◆ ASSIGNED TASK: Drop the pictures from the entries below, then reproduce the rest exactly.

◆ MATERIAL TO PROCESS:
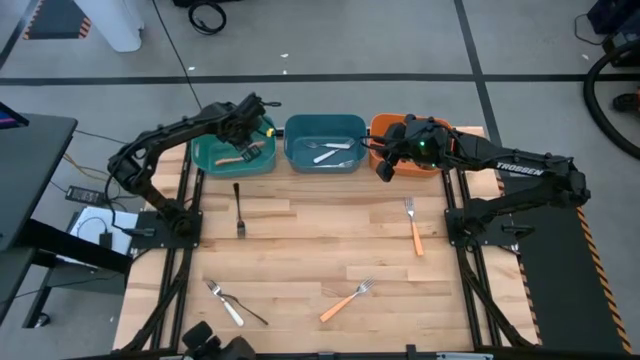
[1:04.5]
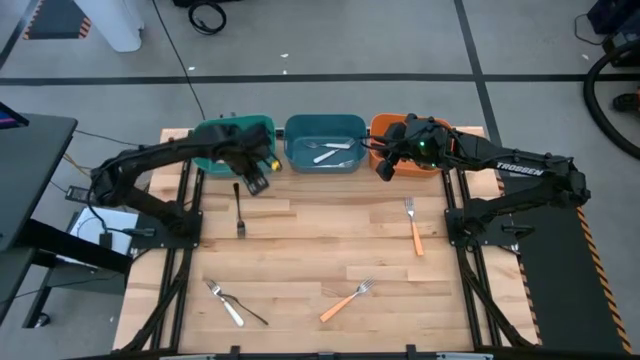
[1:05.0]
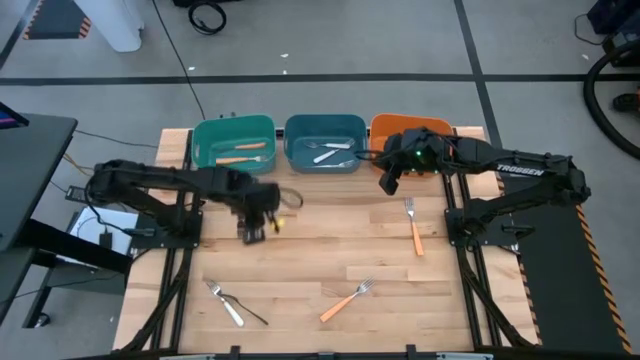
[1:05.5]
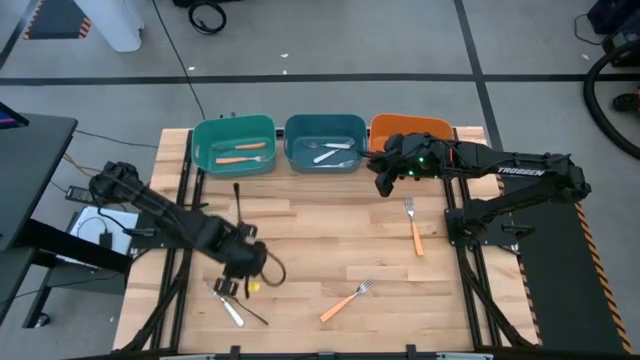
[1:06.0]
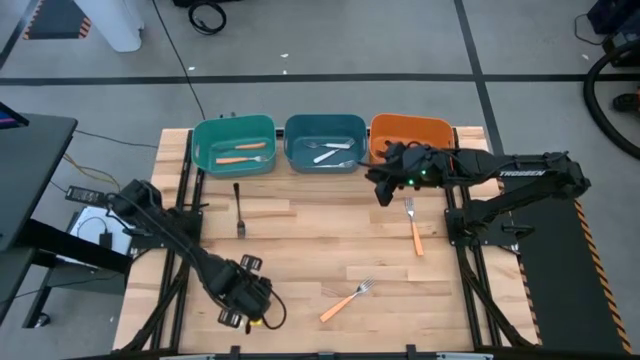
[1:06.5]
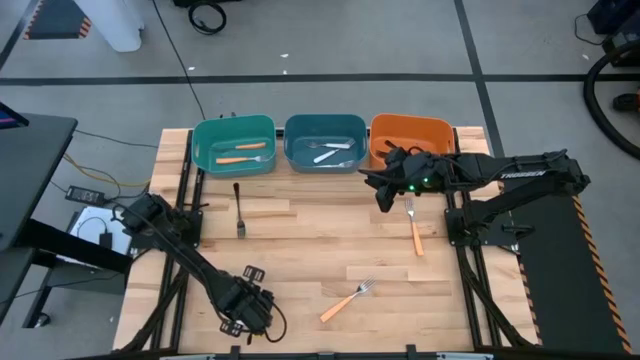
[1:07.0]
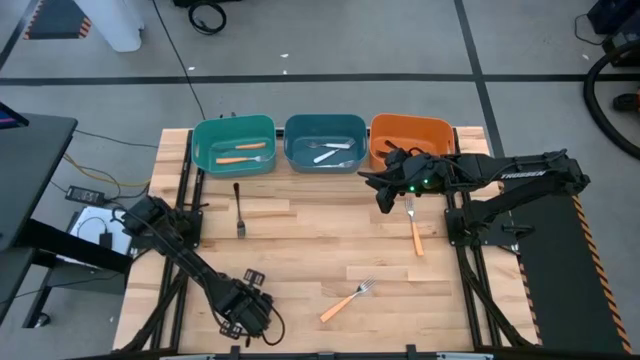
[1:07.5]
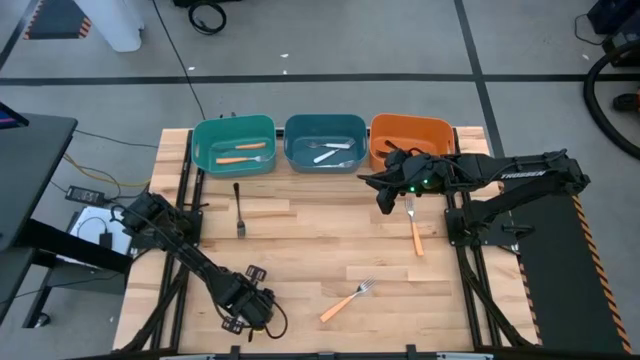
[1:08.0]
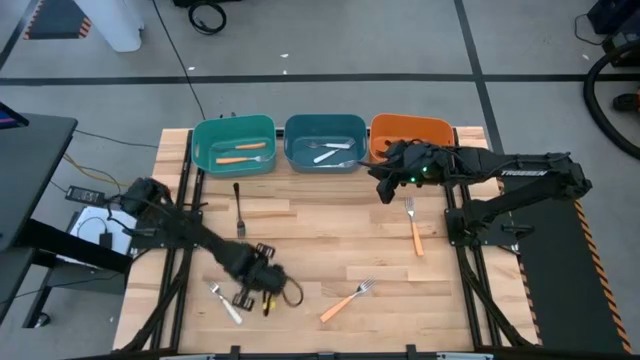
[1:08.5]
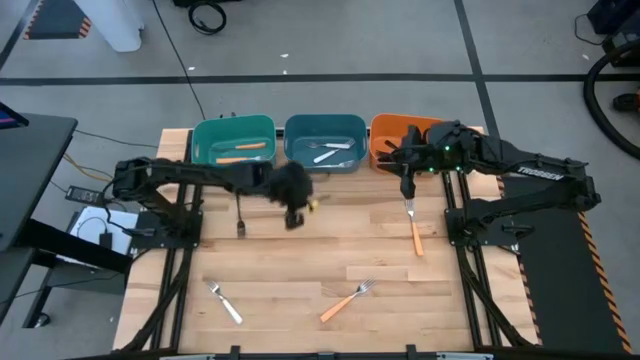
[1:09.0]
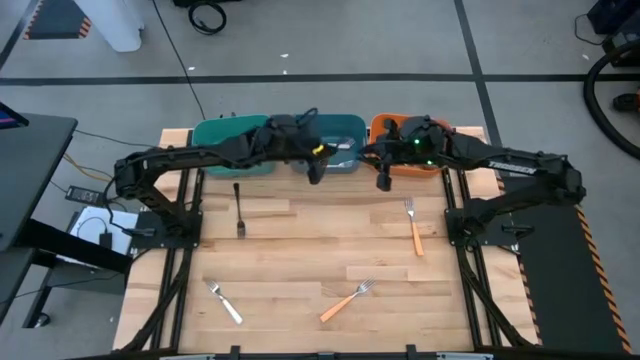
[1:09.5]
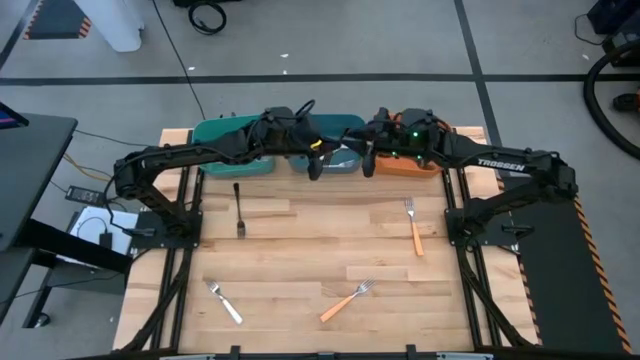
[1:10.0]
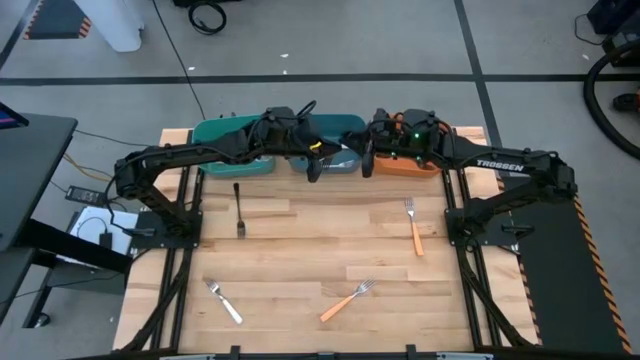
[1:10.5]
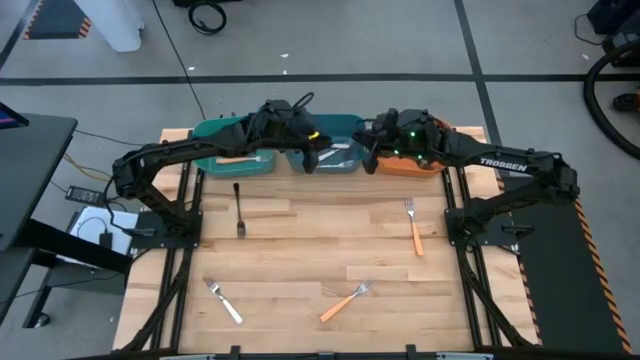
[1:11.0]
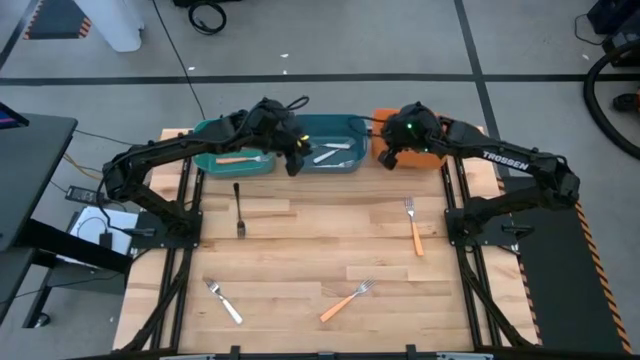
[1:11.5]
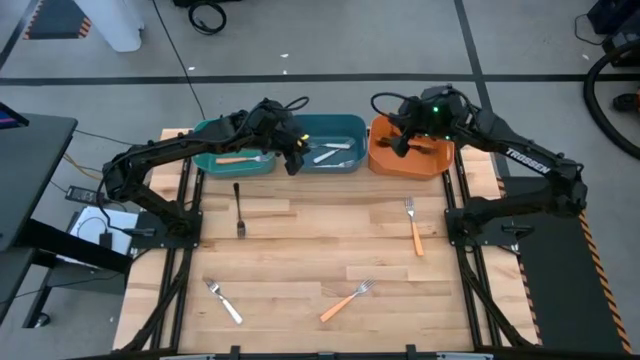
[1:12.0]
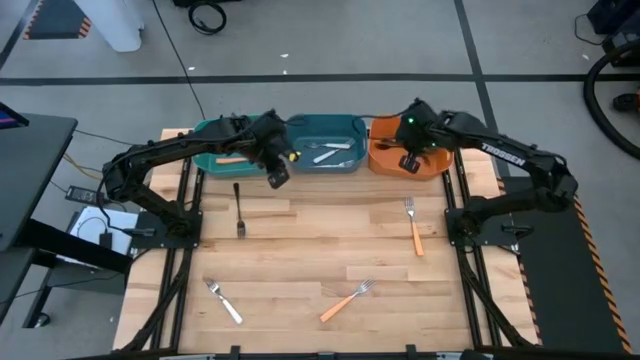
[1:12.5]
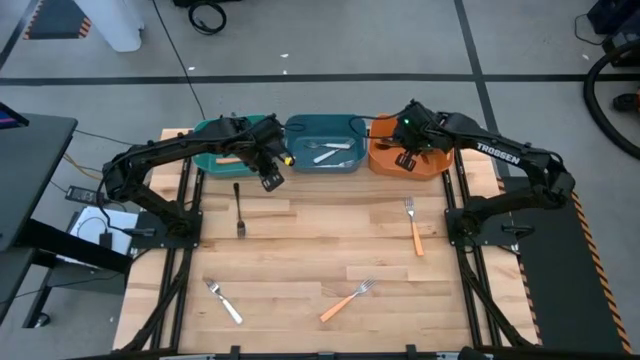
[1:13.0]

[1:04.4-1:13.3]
Task: Sort silverware by color (type)
Put the black fork into the orange bin

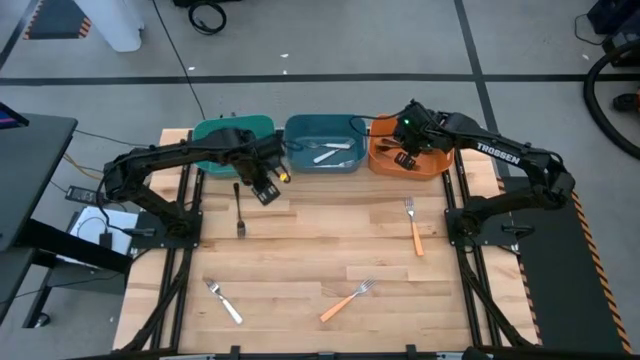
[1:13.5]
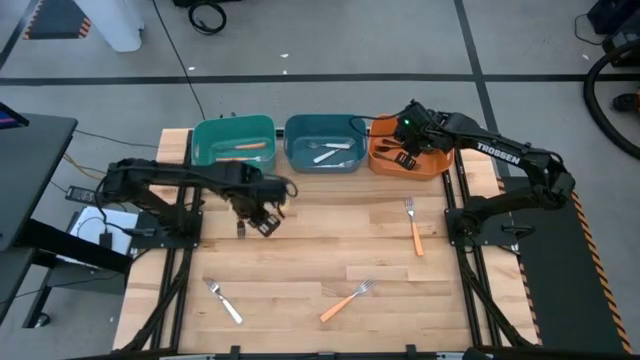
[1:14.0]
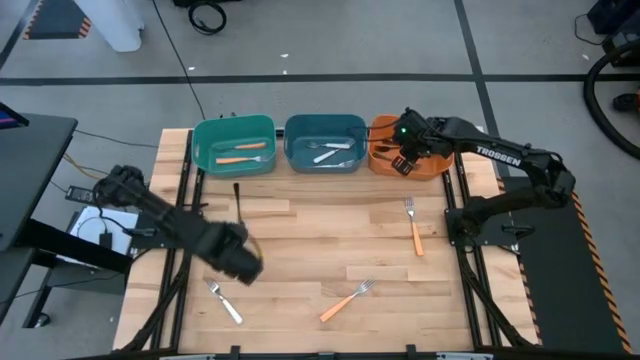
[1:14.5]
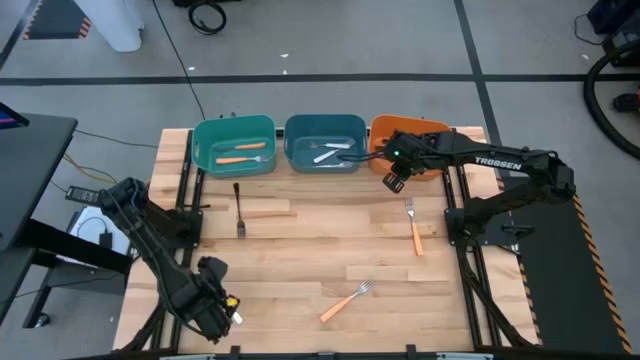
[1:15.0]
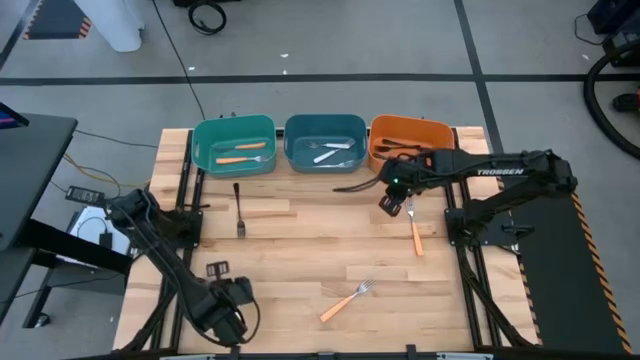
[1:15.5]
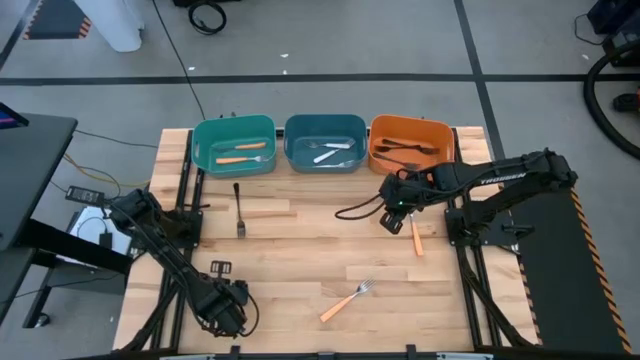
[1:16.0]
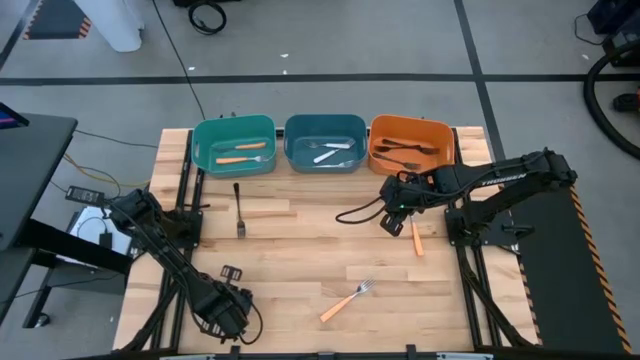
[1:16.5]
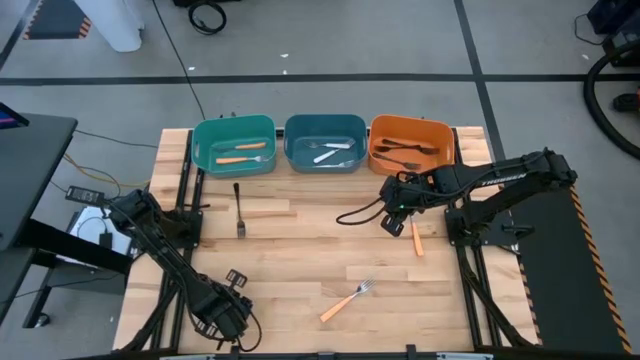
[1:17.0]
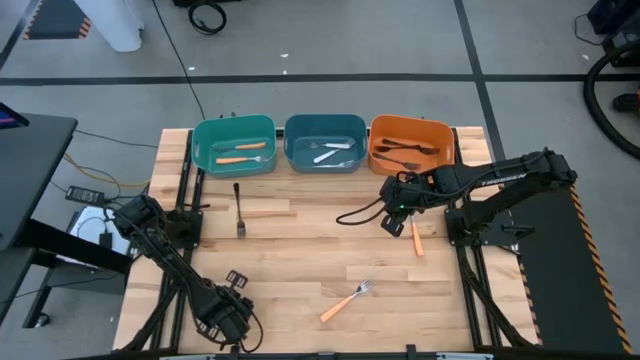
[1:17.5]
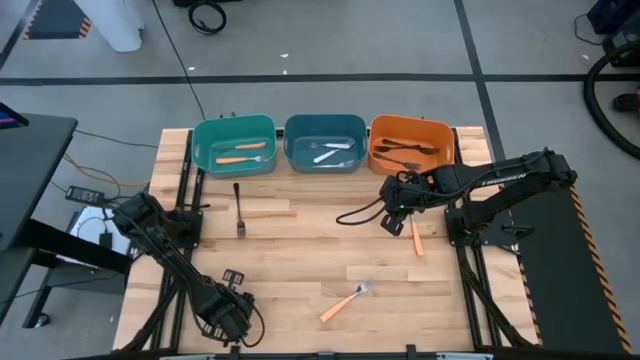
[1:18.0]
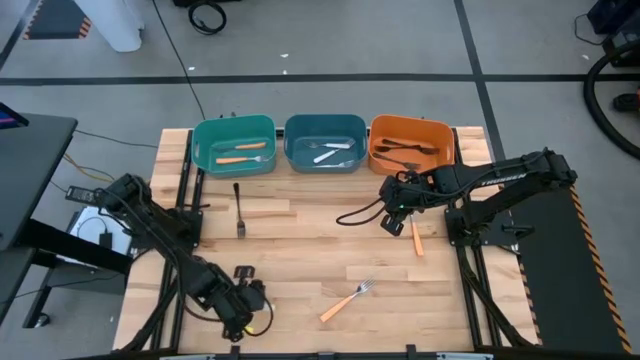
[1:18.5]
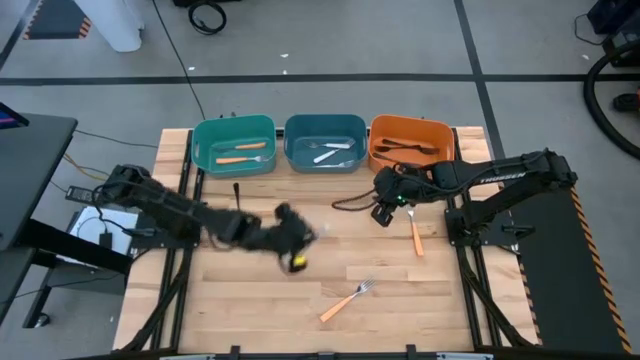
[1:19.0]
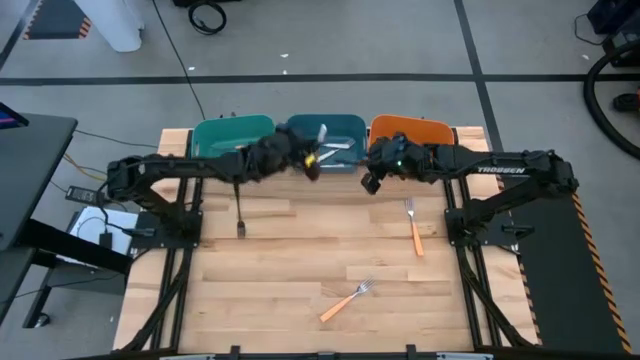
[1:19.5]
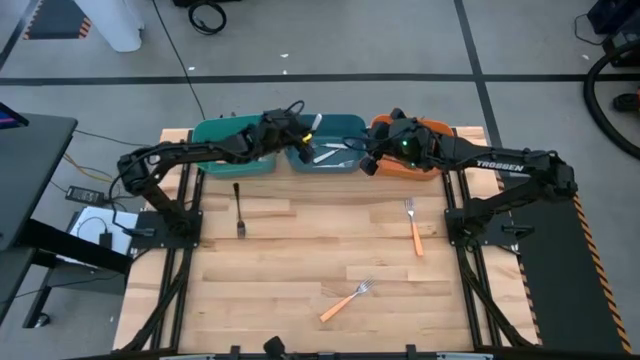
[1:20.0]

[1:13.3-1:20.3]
Put the white fork into the dark blue bin

◆ EXPECTED ANSWER:
[1:04.5]
[1:05.0]
[1:05.5]
[1:06.0]
[1:06.5]
[1:07.0]
[1:07.5]
[1:08.0]
[1:08.5]
[1:09.0]
[1:09.5]
[1:10.0]
[1:10.5]
[1:11.0]
[1:11.5]
[1:12.0]
[1:12.5]
[1:13.0]

[1:04.4-1:13.3]
Task: Sort silverware by color (type)
Put the black fork into the orange bin

[1:13.5]
[1:14.0]
[1:14.5]
[1:15.0]
[1:15.5]
[1:16.0]
[1:16.5]
[1:17.0]
[1:17.5]
[1:18.0]
[1:18.5]
[1:19.0]
[1:19.5]
[1:20.0]

[1:13.3-1:20.3]
Put the white fork into the dark blue bin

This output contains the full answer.